### Work request
The expected output is the data below, restated word for word.

(Data items)

-*-*-

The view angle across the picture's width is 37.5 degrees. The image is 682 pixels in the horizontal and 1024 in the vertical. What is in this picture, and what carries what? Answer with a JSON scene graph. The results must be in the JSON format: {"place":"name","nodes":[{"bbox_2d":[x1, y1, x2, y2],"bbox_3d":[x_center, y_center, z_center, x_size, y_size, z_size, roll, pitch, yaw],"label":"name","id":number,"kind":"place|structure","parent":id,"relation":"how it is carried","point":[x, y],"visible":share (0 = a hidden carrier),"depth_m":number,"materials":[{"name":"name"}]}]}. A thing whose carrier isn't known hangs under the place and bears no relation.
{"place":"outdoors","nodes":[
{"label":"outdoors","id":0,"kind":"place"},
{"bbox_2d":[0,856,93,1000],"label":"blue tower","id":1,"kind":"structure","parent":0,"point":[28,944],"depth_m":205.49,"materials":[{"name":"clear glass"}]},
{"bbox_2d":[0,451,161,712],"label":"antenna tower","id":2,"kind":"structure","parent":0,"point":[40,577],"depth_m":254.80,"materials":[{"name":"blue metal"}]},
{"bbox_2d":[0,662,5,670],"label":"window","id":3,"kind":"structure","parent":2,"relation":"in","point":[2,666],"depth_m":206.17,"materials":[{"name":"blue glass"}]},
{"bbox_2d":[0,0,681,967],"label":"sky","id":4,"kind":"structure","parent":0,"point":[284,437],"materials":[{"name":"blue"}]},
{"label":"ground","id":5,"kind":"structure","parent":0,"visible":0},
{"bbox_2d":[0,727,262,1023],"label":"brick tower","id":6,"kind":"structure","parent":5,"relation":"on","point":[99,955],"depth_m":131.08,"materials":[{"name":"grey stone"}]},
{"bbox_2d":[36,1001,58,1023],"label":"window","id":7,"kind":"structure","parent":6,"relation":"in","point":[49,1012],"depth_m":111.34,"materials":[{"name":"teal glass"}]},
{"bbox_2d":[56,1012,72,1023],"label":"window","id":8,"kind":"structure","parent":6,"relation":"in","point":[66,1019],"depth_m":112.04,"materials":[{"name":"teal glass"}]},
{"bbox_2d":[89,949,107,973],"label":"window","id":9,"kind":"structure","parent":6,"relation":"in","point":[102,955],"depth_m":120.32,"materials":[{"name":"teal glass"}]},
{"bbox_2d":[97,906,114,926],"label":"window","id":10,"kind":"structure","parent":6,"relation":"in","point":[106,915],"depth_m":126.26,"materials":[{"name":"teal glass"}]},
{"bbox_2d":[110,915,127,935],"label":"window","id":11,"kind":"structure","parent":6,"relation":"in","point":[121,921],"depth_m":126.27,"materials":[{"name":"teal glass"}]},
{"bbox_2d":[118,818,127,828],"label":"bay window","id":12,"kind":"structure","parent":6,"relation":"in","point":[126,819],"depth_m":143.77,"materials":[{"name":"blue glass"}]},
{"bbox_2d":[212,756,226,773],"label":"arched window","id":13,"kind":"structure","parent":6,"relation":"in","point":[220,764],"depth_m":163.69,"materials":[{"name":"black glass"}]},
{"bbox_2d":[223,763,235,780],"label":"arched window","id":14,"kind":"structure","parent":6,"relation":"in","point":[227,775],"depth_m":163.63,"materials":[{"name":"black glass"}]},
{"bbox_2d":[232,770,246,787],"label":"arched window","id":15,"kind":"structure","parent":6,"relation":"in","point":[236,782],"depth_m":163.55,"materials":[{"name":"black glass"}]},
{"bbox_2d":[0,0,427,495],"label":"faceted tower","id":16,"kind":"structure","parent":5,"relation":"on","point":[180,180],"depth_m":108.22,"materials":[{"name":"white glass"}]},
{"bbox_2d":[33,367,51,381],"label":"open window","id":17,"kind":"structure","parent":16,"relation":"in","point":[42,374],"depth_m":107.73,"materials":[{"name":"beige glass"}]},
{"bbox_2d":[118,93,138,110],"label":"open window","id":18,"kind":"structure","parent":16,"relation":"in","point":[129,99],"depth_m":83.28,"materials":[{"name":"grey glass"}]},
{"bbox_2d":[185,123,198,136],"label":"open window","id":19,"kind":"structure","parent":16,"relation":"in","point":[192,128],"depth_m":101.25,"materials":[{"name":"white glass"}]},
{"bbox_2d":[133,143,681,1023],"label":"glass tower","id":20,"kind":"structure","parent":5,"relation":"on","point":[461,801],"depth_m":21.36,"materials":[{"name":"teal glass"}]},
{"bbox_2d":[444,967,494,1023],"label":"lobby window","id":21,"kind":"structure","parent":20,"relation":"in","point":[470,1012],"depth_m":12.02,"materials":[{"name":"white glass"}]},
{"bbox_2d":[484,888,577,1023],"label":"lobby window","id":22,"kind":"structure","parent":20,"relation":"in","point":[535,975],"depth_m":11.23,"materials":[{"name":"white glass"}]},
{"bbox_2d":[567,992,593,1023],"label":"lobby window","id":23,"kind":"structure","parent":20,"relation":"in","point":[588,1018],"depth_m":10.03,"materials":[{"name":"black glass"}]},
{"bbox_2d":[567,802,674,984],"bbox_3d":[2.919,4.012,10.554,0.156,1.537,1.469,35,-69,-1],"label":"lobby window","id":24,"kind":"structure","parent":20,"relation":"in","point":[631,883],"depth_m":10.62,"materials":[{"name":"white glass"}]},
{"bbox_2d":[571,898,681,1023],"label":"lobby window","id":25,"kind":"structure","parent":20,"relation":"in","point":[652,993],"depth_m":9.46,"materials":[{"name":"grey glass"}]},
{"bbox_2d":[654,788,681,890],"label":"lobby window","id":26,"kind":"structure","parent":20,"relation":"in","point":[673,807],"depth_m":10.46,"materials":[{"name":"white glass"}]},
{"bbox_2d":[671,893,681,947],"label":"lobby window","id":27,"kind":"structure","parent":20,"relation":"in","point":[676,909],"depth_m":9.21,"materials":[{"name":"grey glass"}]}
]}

-*-*-

### Written solution
The view angle across the picture's width is 37.5 degrees. The image is 682 pixels in the horizontal and 1024 in the vertical. What is in this picture, and what carries what? Answer with a JSON scene graph. The results must be in the JSON format: {"place":"name","nodes":[{"bbox_2d":[x1, y1, x2, y2],"bbox_3d":[x_center, y_center, z_center, x_size, y_size, z_size, roll, pitch, yaw],"label":"name","id":number,"kind":"place|structure","parent":id,"relation":"how it is carried","point":[x, y],"visible":share (0 = a hidden carrier),"depth_m":number,"materials":[{"name":"name"}]}]}. A thing whose carrier isn't known hangs under the place and bears no relation.
{"place":"outdoors","nodes":[
{"label":"outdoors","id":0,"kind":"place"},
{"bbox_2d":[0,856,93,1000],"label":"blue tower","id":1,"kind":"structure","parent":0,"point":[28,944],"depth_m":205.49,"materials":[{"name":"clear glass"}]},
{"bbox_2d":[0,451,161,712],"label":"antenna tower","id":2,"kind":"structure","parent":0,"point":[40,577],"depth_m":254.80,"materials":[{"name":"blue metal"}]},
{"bbox_2d":[0,662,5,670],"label":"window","id":3,"kind":"structure","parent":2,"relation":"in","point":[2,666],"depth_m":206.17,"materials":[{"name":"blue glass"}]},
{"bbox_2d":[0,0,681,967],"label":"sky","id":4,"kind":"structure","parent":0,"point":[284,437],"materials":[{"name":"blue"}]},
{"label":"ground","id":5,"kind":"structure","parent":0,"visible":0},
{"bbox_2d":[0,727,262,1023],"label":"brick tower","id":6,"kind":"structure","parent":5,"relation":"on","point":[99,955],"depth_m":131.08,"materials":[{"name":"grey stone"}]},
{"bbox_2d":[36,1001,58,1023],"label":"window","id":7,"kind":"structure","parent":6,"relation":"in","point":[49,1012],"depth_m":111.34,"materials":[{"name":"teal glass"}]},
{"bbox_2d":[56,1012,72,1023],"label":"window","id":8,"kind":"structure","parent":6,"relation":"in","point":[66,1019],"depth_m":112.04,"materials":[{"name":"teal glass"}]},
{"bbox_2d":[89,949,107,973],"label":"window","id":9,"kind":"structure","parent":6,"relation":"in","point":[102,955],"depth_m":120.32,"materials":[{"name":"teal glass"}]},
{"bbox_2d":[97,906,114,926],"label":"window","id":10,"kind":"structure","parent":6,"relation":"in","point":[106,915],"depth_m":126.26,"materials":[{"name":"teal glass"}]},
{"bbox_2d":[110,915,127,935],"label":"window","id":11,"kind":"structure","parent":6,"relation":"in","point":[121,921],"depth_m":126.27,"materials":[{"name":"teal glass"}]},
{"bbox_2d":[118,818,127,828],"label":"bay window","id":12,"kind":"structure","parent":6,"relation":"in","point":[126,819],"depth_m":143.77,"materials":[{"name":"blue glass"}]},
{"bbox_2d":[212,756,226,773],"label":"arched window","id":13,"kind":"structure","parent":6,"relation":"in","point":[220,764],"depth_m":163.69,"materials":[{"name":"black glass"}]},
{"bbox_2d":[223,763,235,780],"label":"arched window","id":14,"kind":"structure","parent":6,"relation":"in","point":[227,775],"depth_m":163.63,"materials":[{"name":"black glass"}]},
{"bbox_2d":[232,770,246,787],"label":"arched window","id":15,"kind":"structure","parent":6,"relation":"in","point":[236,782],"depth_m":163.55,"materials":[{"name":"black glass"}]},
{"bbox_2d":[0,0,427,495],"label":"faceted tower","id":16,"kind":"structure","parent":5,"relation":"on","point":[180,180],"depth_m":108.22,"materials":[{"name":"white glass"}]},
{"bbox_2d":[33,367,51,381],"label":"open window","id":17,"kind":"structure","parent":16,"relation":"in","point":[42,374],"depth_m":107.73,"materials":[{"name":"beige glass"}]},
{"bbox_2d":[118,93,138,110],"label":"open window","id":18,"kind":"structure","parent":16,"relation":"in","point":[129,99],"depth_m":83.28,"materials":[{"name":"grey glass"}]},
{"bbox_2d":[185,123,198,136],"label":"open window","id":19,"kind":"structure","parent":16,"relation":"in","point":[192,128],"depth_m":101.25,"materials":[{"name":"white glass"}]},
{"bbox_2d":[133,143,681,1023],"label":"glass tower","id":20,"kind":"structure","parent":5,"relation":"on","point":[461,801],"depth_m":21.36,"materials":[{"name":"teal glass"}]},
{"bbox_2d":[444,967,494,1023],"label":"lobby window","id":21,"kind":"structure","parent":20,"relation":"in","point":[470,1012],"depth_m":12.02,"materials":[{"name":"white glass"}]},
{"bbox_2d":[484,888,577,1023],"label":"lobby window","id":22,"kind":"structure","parent":20,"relation":"in","point":[535,975],"depth_m":11.23,"materials":[{"name":"white glass"}]},
{"bbox_2d":[567,992,593,1023],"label":"lobby window","id":23,"kind":"structure","parent":20,"relation":"in","point":[588,1018],"depth_m":10.03,"materials":[{"name":"black glass"}]},
{"bbox_2d":[567,802,674,984],"bbox_3d":[2.919,4.012,10.554,0.156,1.537,1.469,35,-69,-1],"label":"lobby window","id":24,"kind":"structure","parent":20,"relation":"in","point":[631,883],"depth_m":10.62,"materials":[{"name":"white glass"}]},
{"bbox_2d":[571,898,681,1023],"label":"lobby window","id":25,"kind":"structure","parent":20,"relation":"in","point":[652,993],"depth_m":9.46,"materials":[{"name":"grey glass"}]},
{"bbox_2d":[654,788,681,890],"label":"lobby window","id":26,"kind":"structure","parent":20,"relation":"in","point":[673,807],"depth_m":10.46,"materials":[{"name":"white glass"}]},
{"bbox_2d":[671,893,681,947],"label":"lobby window","id":27,"kind":"structure","parent":20,"relation":"in","point":[676,909],"depth_m":9.21,"materials":[{"name":"grey glass"}]}
]}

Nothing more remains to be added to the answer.